A daily bulletin of news & opinion

6 February 2015

Not long ago, the place seemed awash with cash. But with oil prices more than halving over the past six months, Alberta, home of the controversial tar sands, is about to enter a period of severe bootstrapping.

Observers suggest that even if oil prices rebound modestly to $65 (€56) per barrel, there remains a strong possibility Canada’s richest province will slip into recession this year.

With the outlook so gloomy, Alberta’s premier, Jim Prentice, took an odd but populist first step last week announcing that the province’s legislators would be taking a five per cent pay cut. It only amounts to CAD600,000 (€420,000) in savings but its value is largely strategic. Public-sector workers understand the move likely means that cuts to their pay are next.

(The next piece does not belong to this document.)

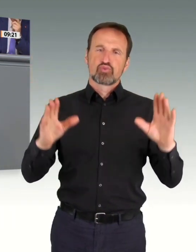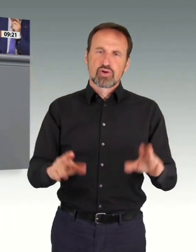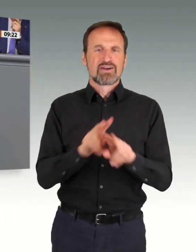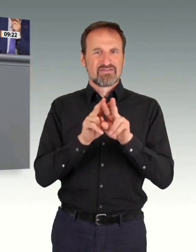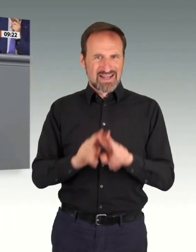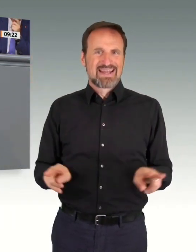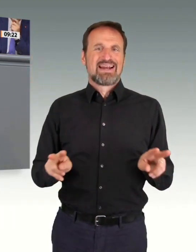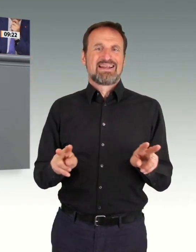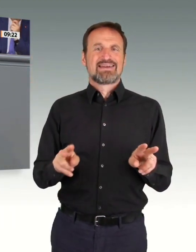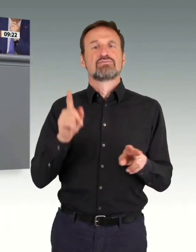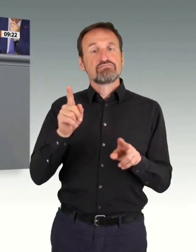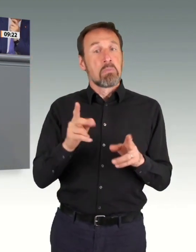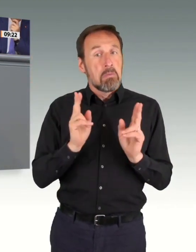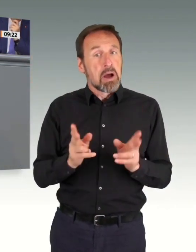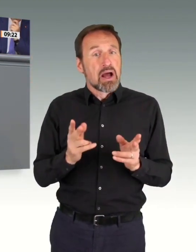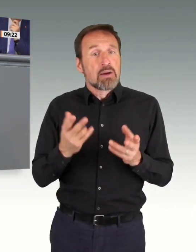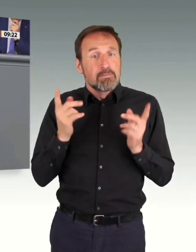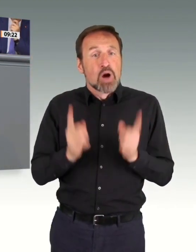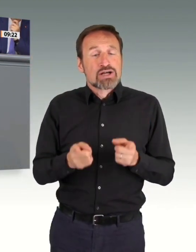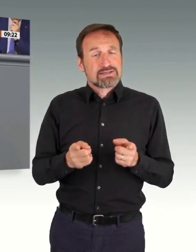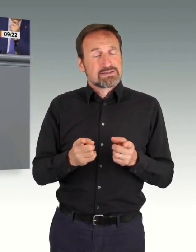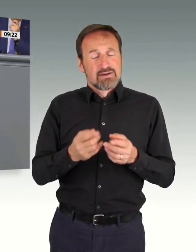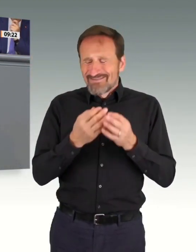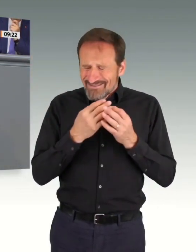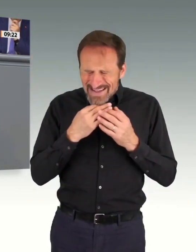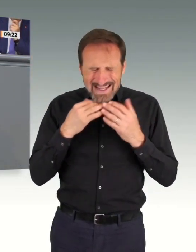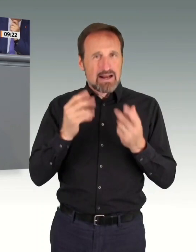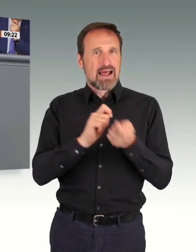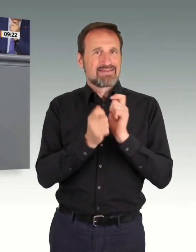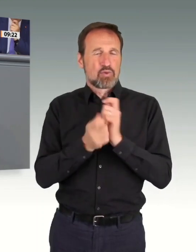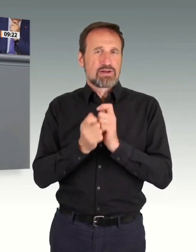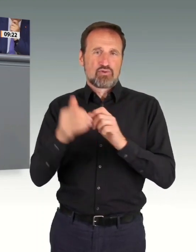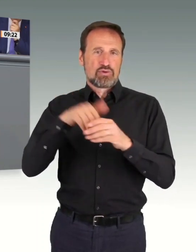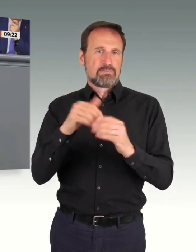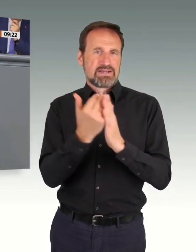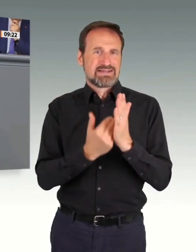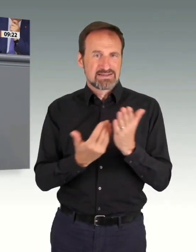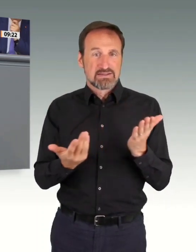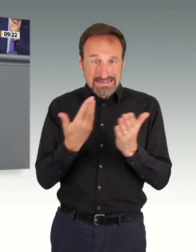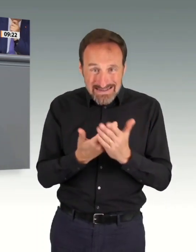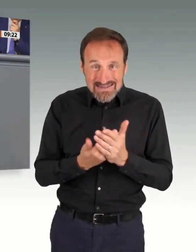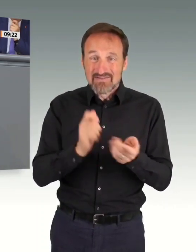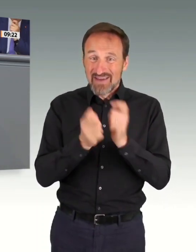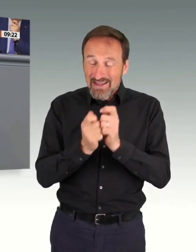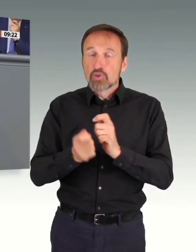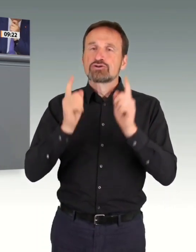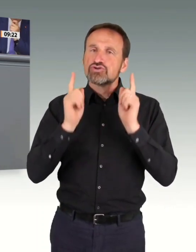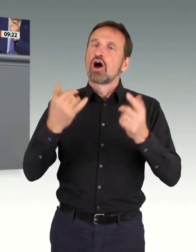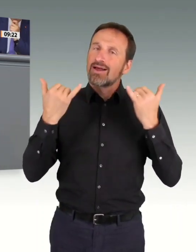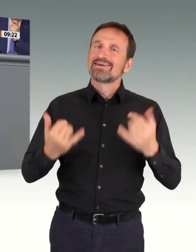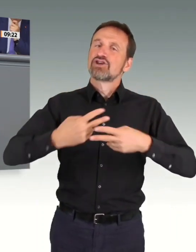Eingriffe in bestehendes Eigentum geben. Wir machen die richtige Reihenfolge bei Wärmeplanung und Heizgesetz,

More helpfully, Prentice is the first premier in some time to talk seriously about restructuring the province’s finances and making its economy less vulnerable to price shocks. He is already floating a few ideas that in better times would’ve been thought heretical in conservative, avowedly free-market Alberta, such as introducing a sales tax and reconsidering its 10 per cent flat tax on income.

So far Prentice seems to think that’s enough. He’s refused the idea of increasing the royalties that oil producers pay, though numerous studies have suggested they’re too low. But cutbacks will get the government only a small part of the way to erasing its looming deficits. What the premier really needs to do is instigate a wholesale change in the province’s attitude to its non-renewable resource wealth.

He might start with fixing how the province saves for its future. The Alberta Heritage Savings Trust Fund, established in 1976, was created in that spirit: an account into which the province initially put away 30 per cent of its royalties from oil – money that could be invested to diversify its economy – or banked for the day when the oil starts to run out.

Unfortunately a succession of Alberta governments have made a habit of raiding the fund ad hoc for the annual budget. Spending the money, in effect, to preserve their popularity and ensure taxes stay unsustainably low. After the first decade of the fund’s existence governments barely contributed to it at all.

Norway, by comparison, has shown a much more serious approach to managing its oil wealth. Though it didn’t open its Government Pension Fund until 14 years after Alberta’s, today its assets stand at $700bn (€611bn). Alberta has only $14bn (€12.2bn) in its savings account.

While Norway’s light oil is generally worth more than Alberta’s heavy crude and its royalty rate is higher, the vast divergence also has much to do with politics. Rather than actually saving productively for the future, Alberta’s leaders have instead used its savings like a worry-free line of credit today.

Back in 2008, when the last bust was about to happen, the Organisation for Economic Co-operation and Development (OECD) recommended Alberta adopt a regime for managing its oil money more like Norway’s. The province’s treasurer at the time replied that Alberta had little to learn from anyone else. Perhaps this time around the province will show a little modesty.

Christopher Frey is Monocle's Toronto correspondent.